Only (cell, timestep) pairs where h_i and y_i have the same sign (i.e. where the formula predicts r_i > 0) and where |h_i| > min_h are included.

Usage in base.py:

ratios_temporal, ratios_global = infer_ratio_d0_d1_full(...)
# temporal (one ratio per interval):
self.ratios[cnt] = 1.0 / ratios_temporal[cnt]
# global (one shared ratio):
self.ratios[:] = (1.0 / ratios_global)[None, :]
Parameters:
  • X_prot(N, G) protein observations across all timepoints.

  • times(N,) time label for each observation.

  • bias – GRN bias — (G, n_modes-1) or (n_samples, G, n_modes-1).

  • theta_inter – GRN interactions — (G, G, n_modes-1) or (n_samples, G, G, n_modes-1).

  • ks – Mode amplitudes, shape (n_modes, G).

  • d_learned – Protein degradation rates, shape (G,) (constant) or (T-1, G) (temporal). When 2-D, interval cnt uses d_learned[cnt] for the ODE simulation.

  • k1_vec – Kept for interface compatibility (not used internally).

  • kon_mlp – Trained KonCorrectionMLP.

  • prior_d1d0(G,) prior for d1/d0 used when lambda_deg > 0. Defaults to all-ones (quasi-stationary limit).

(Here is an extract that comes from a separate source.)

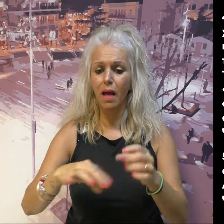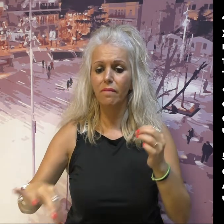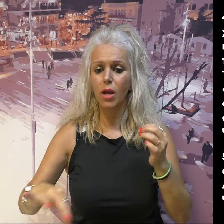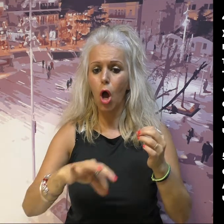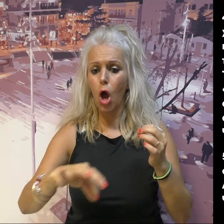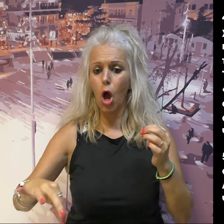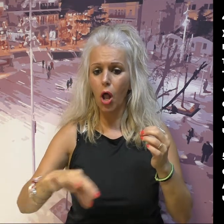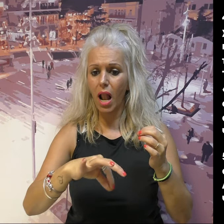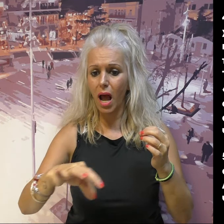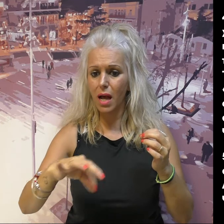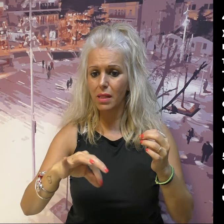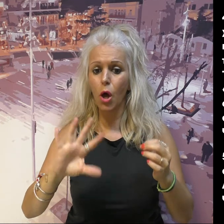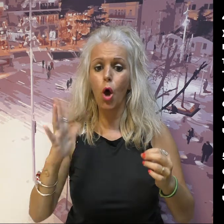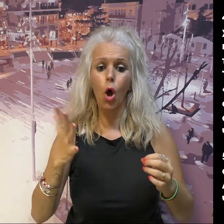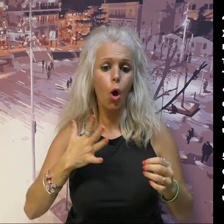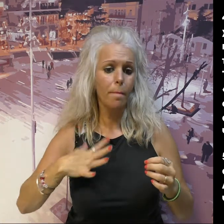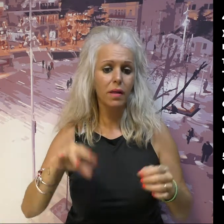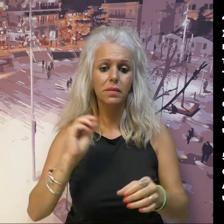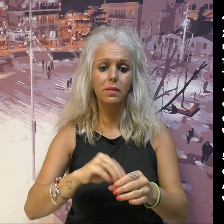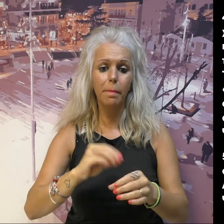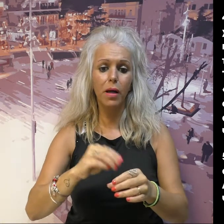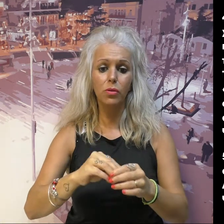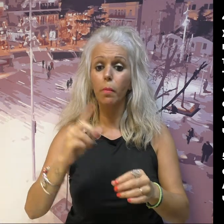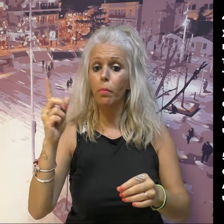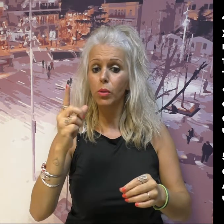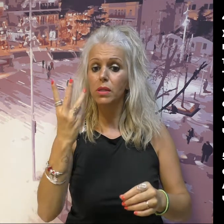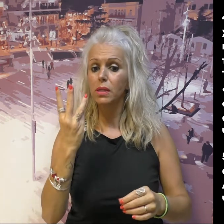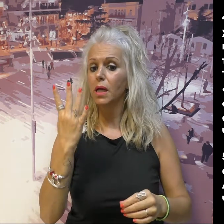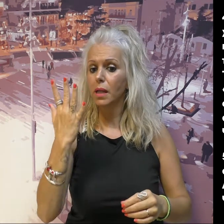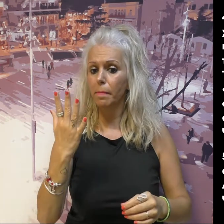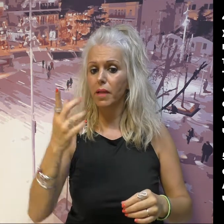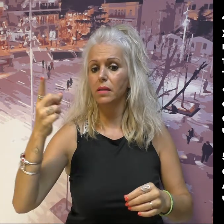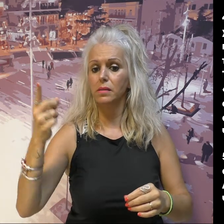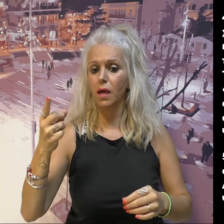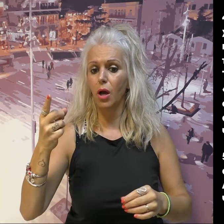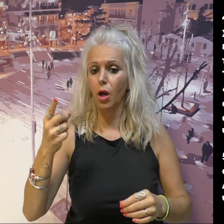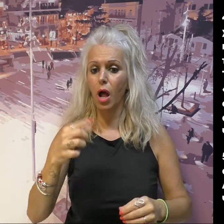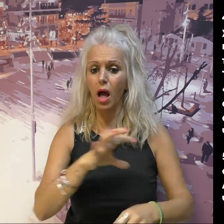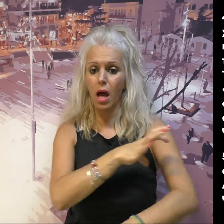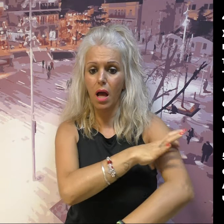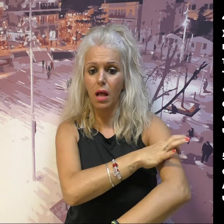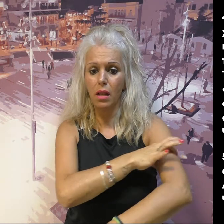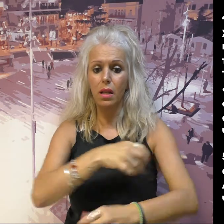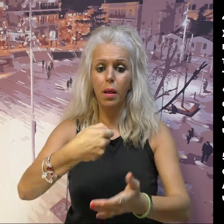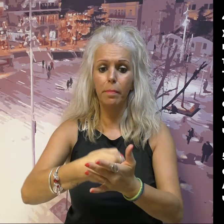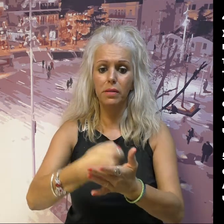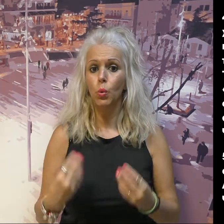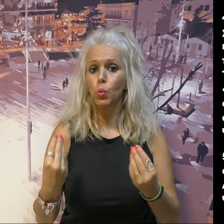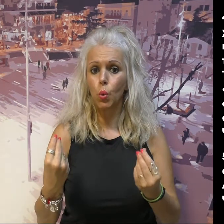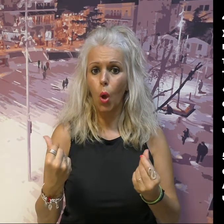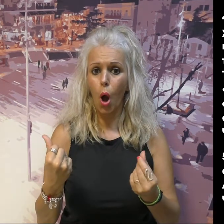εταιρεία Βιολέτα Ωμικρονέψιλον, στην οποία συμμετέχει με ποσοστό 35% αρχικός μισθωτής. Ψηφίστηκε ομόφωνα.

  • n_stimuli – Number of stimulus columns (default 1).

  • stim_schedule – Dict {float_time: np.ndarray(ns,)}; defaults to all-ones when None.

  • samples_data(N,) per-cell sample index.

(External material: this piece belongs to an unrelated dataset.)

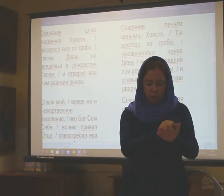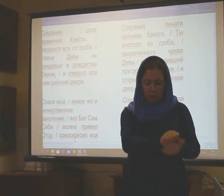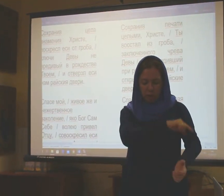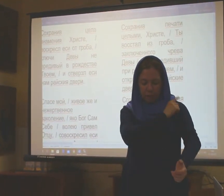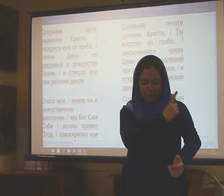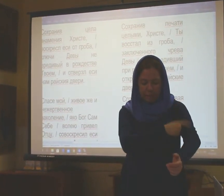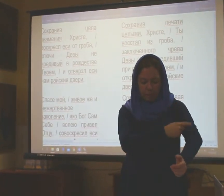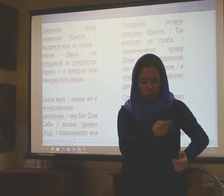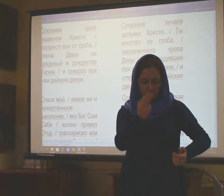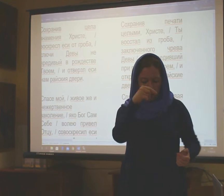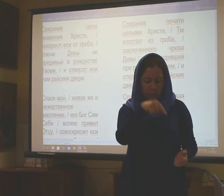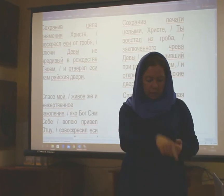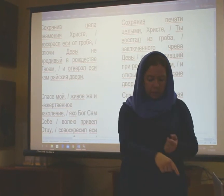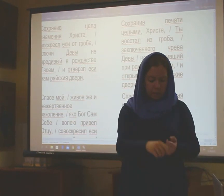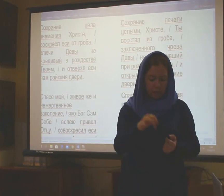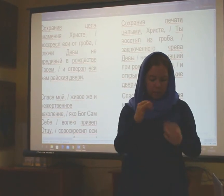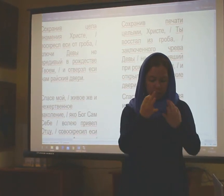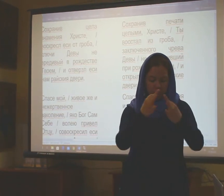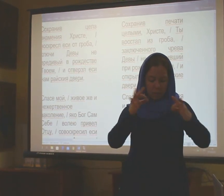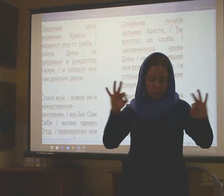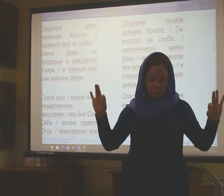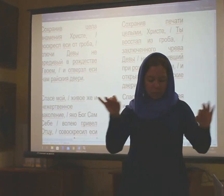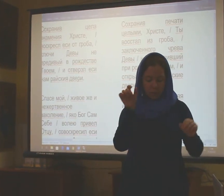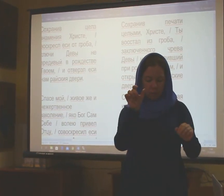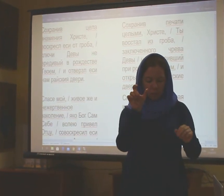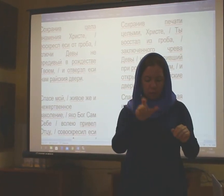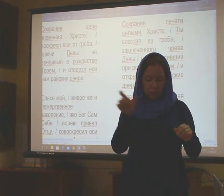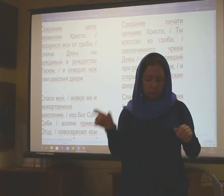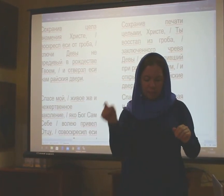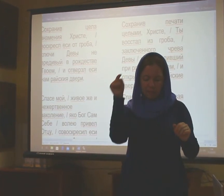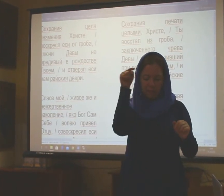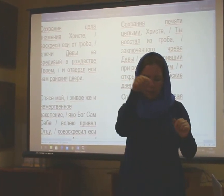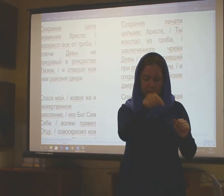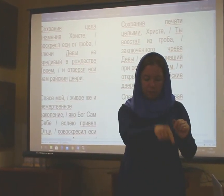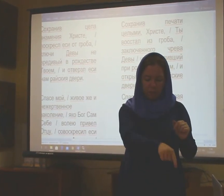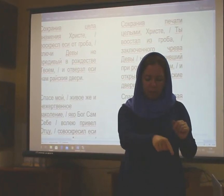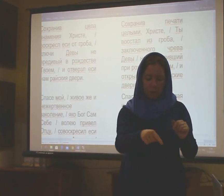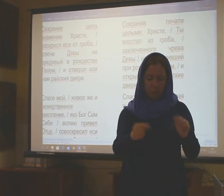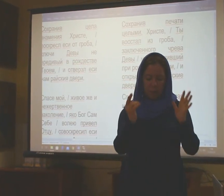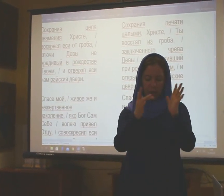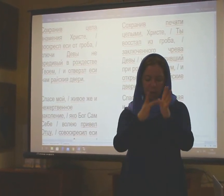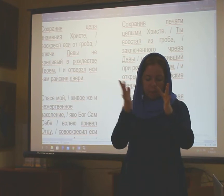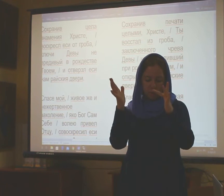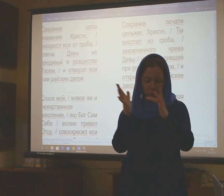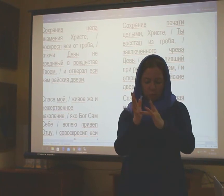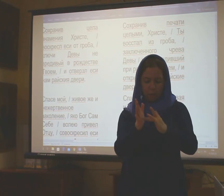силу ада, освободил людей, находящихся там, Христос

  • method – ODE solver method (default "dopri5").

  • rtol – ODE solver tolerances.

  • atol – ODE solver tolerances.

  • n_steps – Number of intermediate ODE evaluation points per interval (default 10; total = n_steps+1 incl. t0, t1).

  • lambda_deg – Tikhonov regularisation weight — same role as in inference_degradation_prot(). 0 = pure LS; large values → prior.

  • lambda_mlp

    Mix weight between the linearly interpolated observed training ratios and the MLP prediction. For a simulated state at time t in [t1, t2] the effective ratio used as y_i = 1 - g_eff is:

    \[g_{\rm eff} = \lambda_{\rm mlp} \Bigl[ \frac{t_2-t}{t_2-t_1}\,r_1 + \frac{t-t_1}{t_2-t_1}\,r_2 \Bigr] + (1-\lambda_{\rm mlp})\,g(P,\,k_{\rm on}(P))\]

    where r_1 / r_2 are the mean observed MLP ratios at the training timepoints t_1 / t_2 (shape (G_genes,)). 1.0 = pure linear interpolation of observed g; 0.0 = pure MLP prediction (original behaviour).

  • min_h – Minimum |h_i| to include a (cell, timestep) pair.

  • verbose – Log per-interval diagnostics.

  • clip_lo – Final clamp on the estimated d1/d0.

  • clip_hi – Final clamp on the estimated d1/d0.

Returns:

(T-1, G) per-interval d1/d0 estimates. ratios_global : (G,) global d1/d0 pooled over all intervals.

Stimulus columns ([:ns]) are fixed to 1.0 in both outputs.

Return type:

ratios_temporal

CardamomOT.inference.degradations.predict_trajectory(ode_func, X0, t_span, method='dopri5', rtol=1e-06, atol=1e-08, stim_vals=None)

Simulate a trajectory given an initial state and trained ODE model.

CardamomOT.inference.degradations.compare_trajectories_umap(ode_func, X_prot, times, method='dopri5')

Compare real and simulated trajectories using UMAP projection.